B. The current expiration date of the Employment Agreement is
December 31, 1999, resulting from the one-year extension of its term that took
place effective January 1, 1997. The Board of Directors of the Bank has
determined not to extend the term of the Employment Agreement beyond its current
expiration date.
C. As a result of certain changes in the management structure of the
Corporation and the Bank resulting from the Corporation's potential acquisition
of AFSALA Bancorp, Inc. ("AFSALA"), whereby the President and Chief Executive
Officer of AFSALA will become the President and Chief Executive Officer of the
Corporation and the Bank, Xxxxxxxx has agreed to terminate the Employment
Agreement effective June 30, 1998, in exchange for certain consideration to be
provided under this Agreement and under a consulting agreement between the
Corporation, the Bank and Xxxxxxxx dated of even date herewith (the "Consulting
Agreement").
D. This Agreement is entered into as a result of the Corporation's,
the Bank's and Xxxxxxxx'x mutual decision to terminate Xxxxxxxx'x employment
with the Corporation and the Bank under the Employment Agreement effective
June 30, 1998.
II. AGREEMENTS
NOW, THEREFORE, in consideration of the mutual premises and covenants
contained herein and in the Consulting Agreement, and for other good and
valuable consideration, the receipt and sufficiency of which are hereby
acknowledged, the parties hereto agree as follows:
1. The Employment Agreement shall terminate effective June 30, 1998
(the "Termination Date").
2. The termination of the Employment Agreement on the Termination
Date that is effected by this Agreement is a mutual action of the Corporation,
the Bank and Xxxxxxxx, and none of the provisions of Section 7 of the Employment
Agreement shall apply to such termination.
3. In exchange for the annual payment of Forty Thousand Dollars
($40,000.00), payable on a monthly basis for each year that the restriction
contained in this Section 3 is in effect, beginning July 1, 1998, Xxxxxxxx shall
not, until after December 31, 2000, become associated, directly or indirectly,
with any entity, whether as a shareholder (other than as a holder of not more
than one percent (1%) of the outstanding voting shares of any publicly traded
company), principal, partner, employee or consultant, that is actively engaged
in any business which is in competition with the Corporation, the Bank or any of
their subsidiaries or affiliates in any geographic area in which the
Corporation, the Bank or any of their subsidiaries or affiliates does business.
4. Xxxxxxxx acknowledges that it is impossible to measure in money
the damages that will accrue to the Corporation and the Bank by reason of
Xxxxxxxx'x failure to observe any of the obligations imposed on him by
Section 3. Accordingly, if the Corporation or the Bank shall institute an action
to enforce the provisions of Section 3, Xxxxxxxx hereby waives the claim or
defense that an adequate remedy at law is available to the Corporation or the
Bank, and Xxxxxxxx agrees not to urge in any such action the claim or defense
that such adequate remedy at law exists.
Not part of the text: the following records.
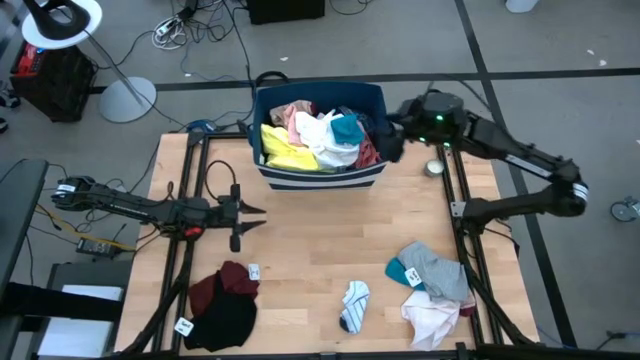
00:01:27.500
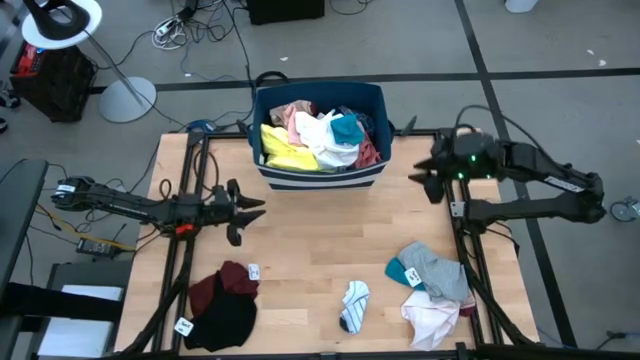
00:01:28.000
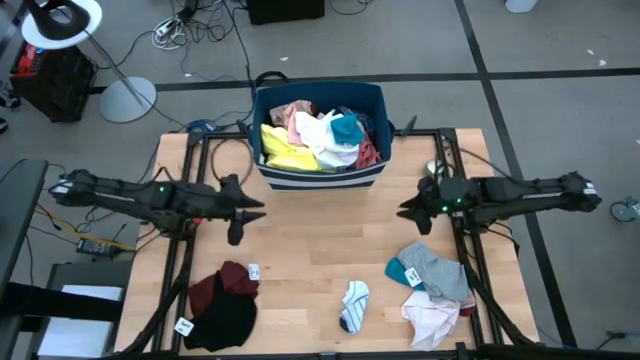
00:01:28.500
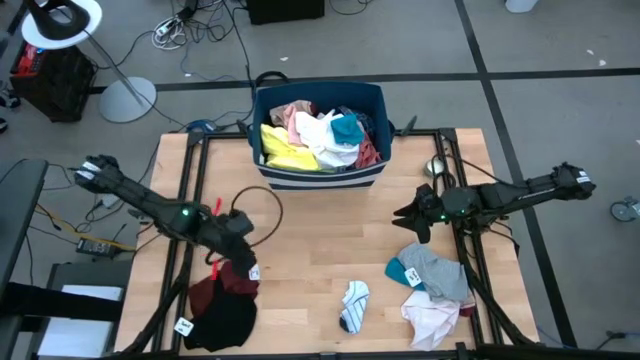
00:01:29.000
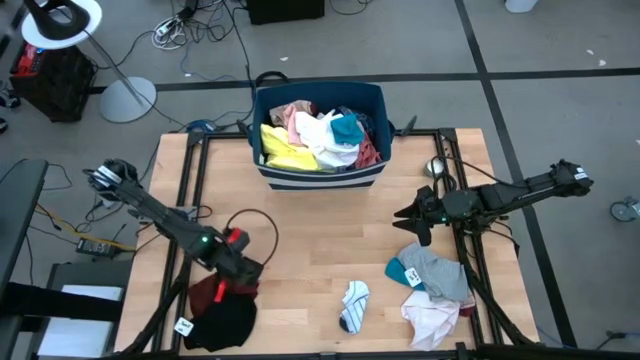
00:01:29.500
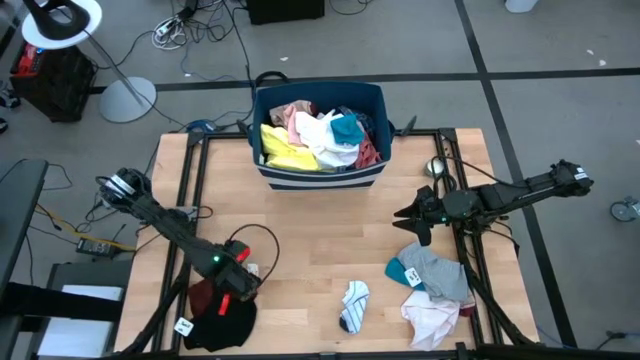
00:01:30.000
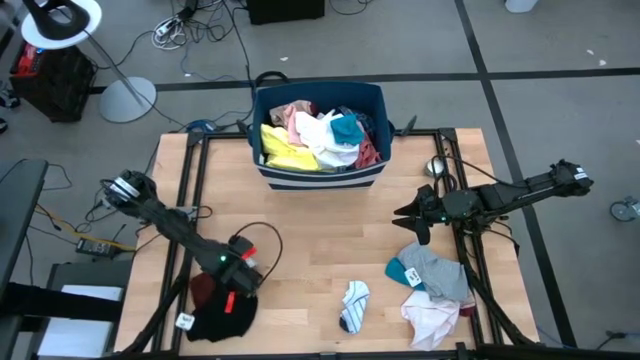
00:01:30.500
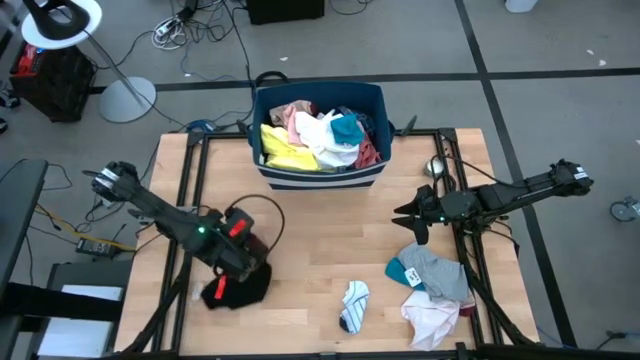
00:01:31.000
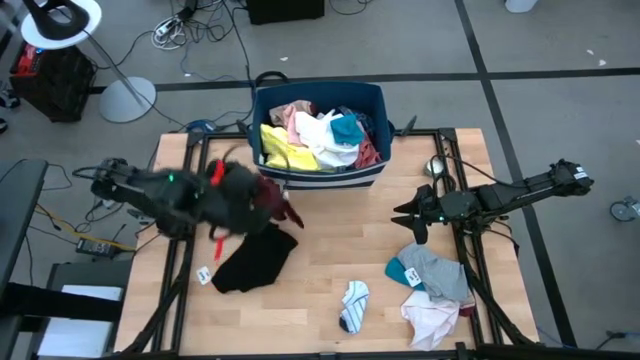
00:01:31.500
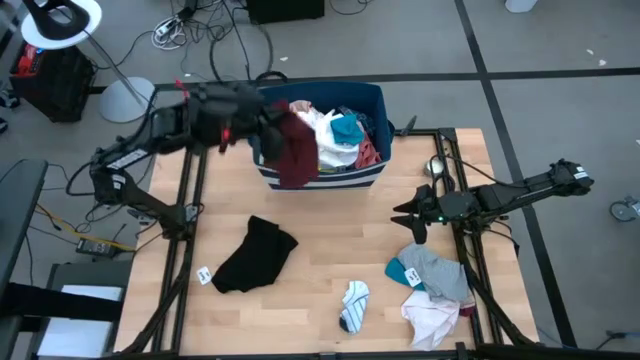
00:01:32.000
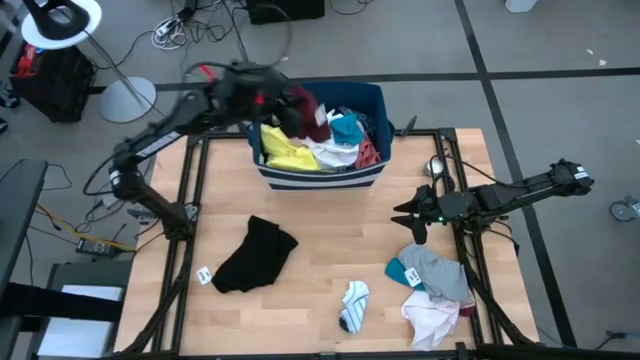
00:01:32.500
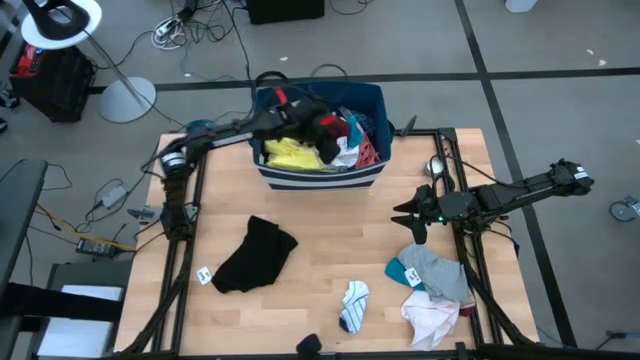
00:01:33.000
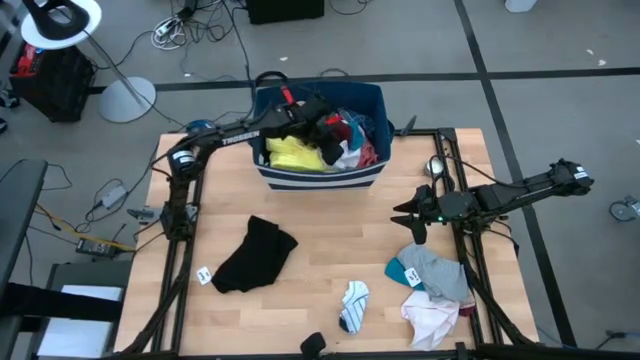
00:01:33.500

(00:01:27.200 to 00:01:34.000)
Task: Sort clothes
Put the red underwear into the blue laundry bin

In addition, Xxxxxxxx agrees to forfeit
and immediately return to the Corporation the $120,000 payment referred to in
Section 3.
5. This Agreement shall be binding on and inure to the benefit of
any successor to the Corporation and the Bank (whether direct or indirect, by
purchase, merger or consolidation, by operation of law, or otherwise) or any
person which acquires all or substantially all of the assets of the Corporation
or the Bank or any assignee of the Corporation or the Bank (collectively
"Successor"), and the Corporation and the Bank will require any Successor to
expressly assume and agree to perform and carry out the obligations of the
Employment Agreement (as modified herein), this Agreement, the Consulting
Agreement and all of the instruments executed by the Corporation and the Bank
hereunder in the same manner and to the same extent as the Corporation and the
Bank, provided that no such assignment or other such action shall relieve the
Corporation or the Bank from any obligation hereunder if the Corporation or the
Bank continues in existence after any such action or event. This Agreement
shall also be binding on and inure to the benefit of Xxxxxxxx and any of his
successors, personal representatives, heirs or assigns.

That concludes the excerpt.